WORK TASK |
Using the entries below, copy exactly each line from the line with "Q: Is the text bold? A: Semi-bold." up to and including the line with "These lines keep", with every picture left out.

Records excerpted from a collection:
******************************

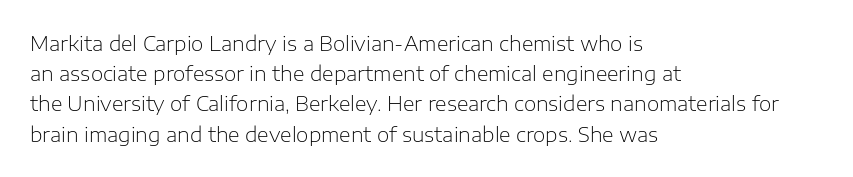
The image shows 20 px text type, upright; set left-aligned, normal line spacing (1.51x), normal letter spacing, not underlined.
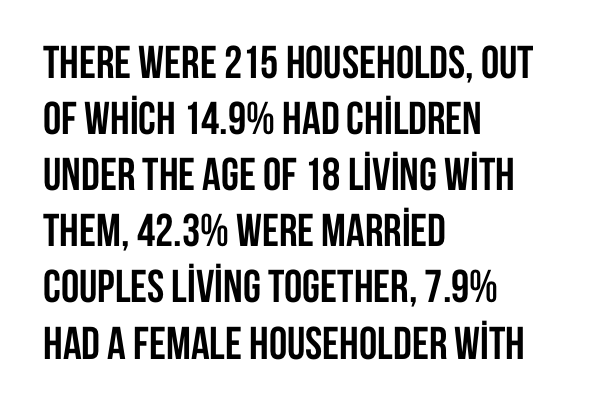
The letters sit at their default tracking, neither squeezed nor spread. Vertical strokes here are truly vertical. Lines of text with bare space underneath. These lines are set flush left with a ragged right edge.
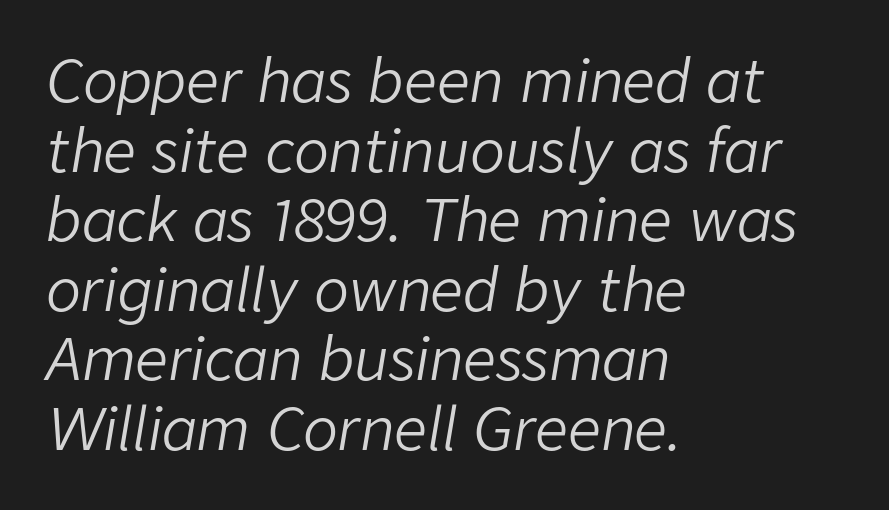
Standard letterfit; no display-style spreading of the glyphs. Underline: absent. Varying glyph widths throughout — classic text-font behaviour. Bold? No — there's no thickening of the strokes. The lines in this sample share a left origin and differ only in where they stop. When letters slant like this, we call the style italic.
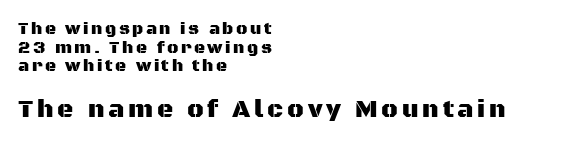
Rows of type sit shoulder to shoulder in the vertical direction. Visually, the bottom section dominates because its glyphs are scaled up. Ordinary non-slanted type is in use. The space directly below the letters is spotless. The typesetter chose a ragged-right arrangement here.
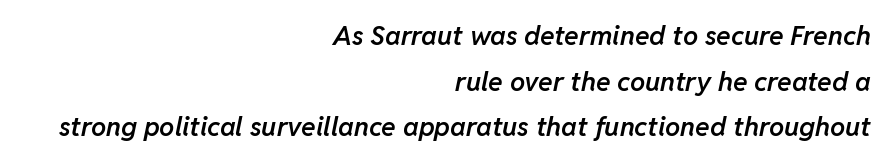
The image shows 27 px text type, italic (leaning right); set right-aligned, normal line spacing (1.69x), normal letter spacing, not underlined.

******************************

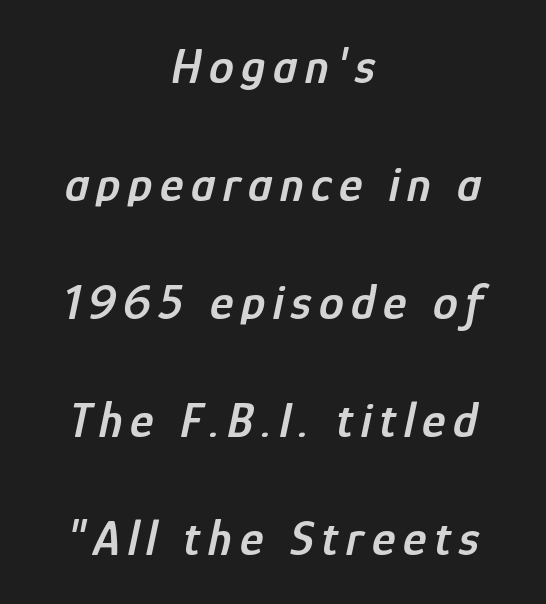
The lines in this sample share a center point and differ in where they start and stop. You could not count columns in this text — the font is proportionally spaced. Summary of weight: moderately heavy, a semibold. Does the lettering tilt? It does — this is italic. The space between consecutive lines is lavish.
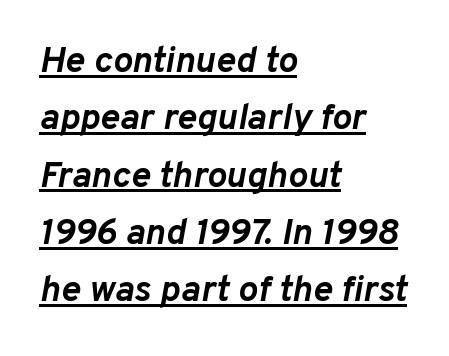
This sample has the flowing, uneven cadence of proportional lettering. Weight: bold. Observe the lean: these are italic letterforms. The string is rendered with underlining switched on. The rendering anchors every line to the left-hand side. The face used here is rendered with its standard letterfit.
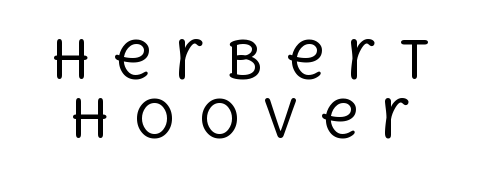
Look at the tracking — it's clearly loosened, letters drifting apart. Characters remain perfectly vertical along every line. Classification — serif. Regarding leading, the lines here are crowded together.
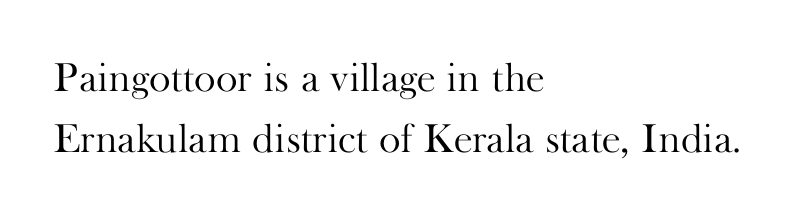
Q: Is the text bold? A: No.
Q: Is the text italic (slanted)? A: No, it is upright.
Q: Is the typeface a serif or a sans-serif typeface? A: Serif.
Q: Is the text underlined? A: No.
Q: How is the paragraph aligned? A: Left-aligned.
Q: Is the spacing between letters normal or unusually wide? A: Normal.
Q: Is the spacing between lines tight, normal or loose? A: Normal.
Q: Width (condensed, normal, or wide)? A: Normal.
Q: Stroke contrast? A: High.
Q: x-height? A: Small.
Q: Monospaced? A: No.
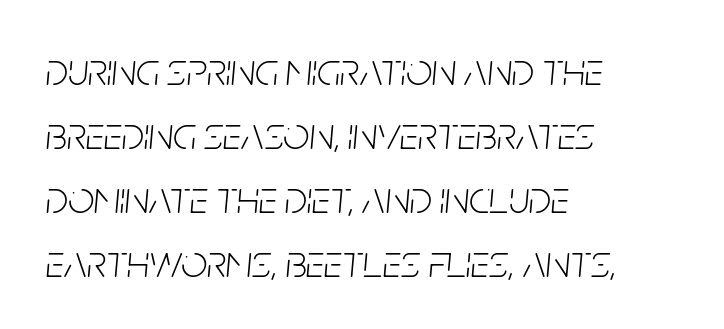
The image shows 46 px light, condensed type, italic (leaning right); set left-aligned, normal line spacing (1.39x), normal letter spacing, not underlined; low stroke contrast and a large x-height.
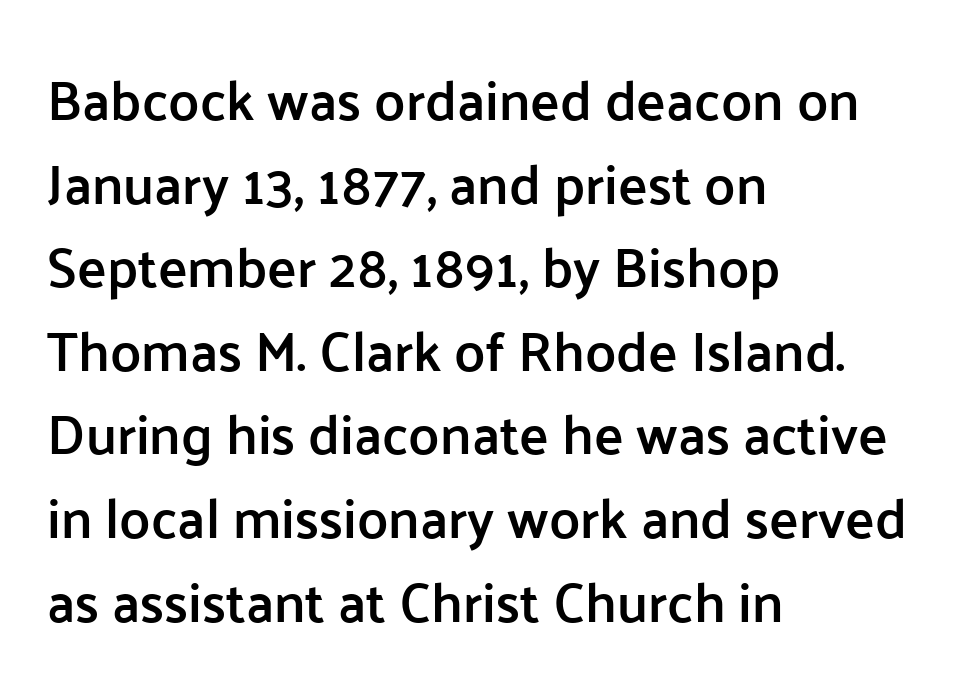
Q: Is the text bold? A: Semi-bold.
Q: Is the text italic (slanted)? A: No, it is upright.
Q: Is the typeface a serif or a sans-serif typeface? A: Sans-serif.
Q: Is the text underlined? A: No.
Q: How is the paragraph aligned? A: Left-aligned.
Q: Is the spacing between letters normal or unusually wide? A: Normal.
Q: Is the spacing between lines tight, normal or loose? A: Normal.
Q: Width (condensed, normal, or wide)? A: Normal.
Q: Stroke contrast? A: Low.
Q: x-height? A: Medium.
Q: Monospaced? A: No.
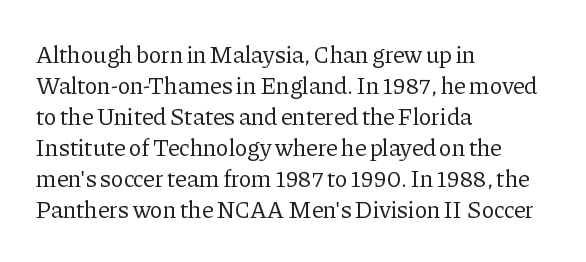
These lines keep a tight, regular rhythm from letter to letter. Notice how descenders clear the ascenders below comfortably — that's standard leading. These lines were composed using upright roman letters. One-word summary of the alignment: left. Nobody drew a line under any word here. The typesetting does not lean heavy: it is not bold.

******************************

OUTPUT FOR THIS TASK |
Q: Is the text bold? A: Semi-bold.
Q: Is the text italic (slanted)? A: No, it is upright.
Q: Is the typeface a serif or a sans-serif typeface? A: Sans-serif.
Q: Is the text underlined? A: No.
Q: How is the paragraph aligned? A: Left-aligned.
Q: Is the spacing between letters normal or unusually wide? A: Normal.
Q: Is the spacing between lines tight, normal or loose? A: Normal.
Q: Width (condensed, normal, or wide)? A: Normal.
Q: Stroke contrast? A: Low.
Q: x-height? A: Medium.
Q: Monospaced? A: No.
These lines keep a tight, regular rhythm from letter to letter. Notice how descenders clear the ascenders below comfortably — that's standard leading. These lines were composed using upright roman letters. One-word summary of the alignment: left. Nobody drew a line under any word here. The typesetting does not lean heavy: it is not bold.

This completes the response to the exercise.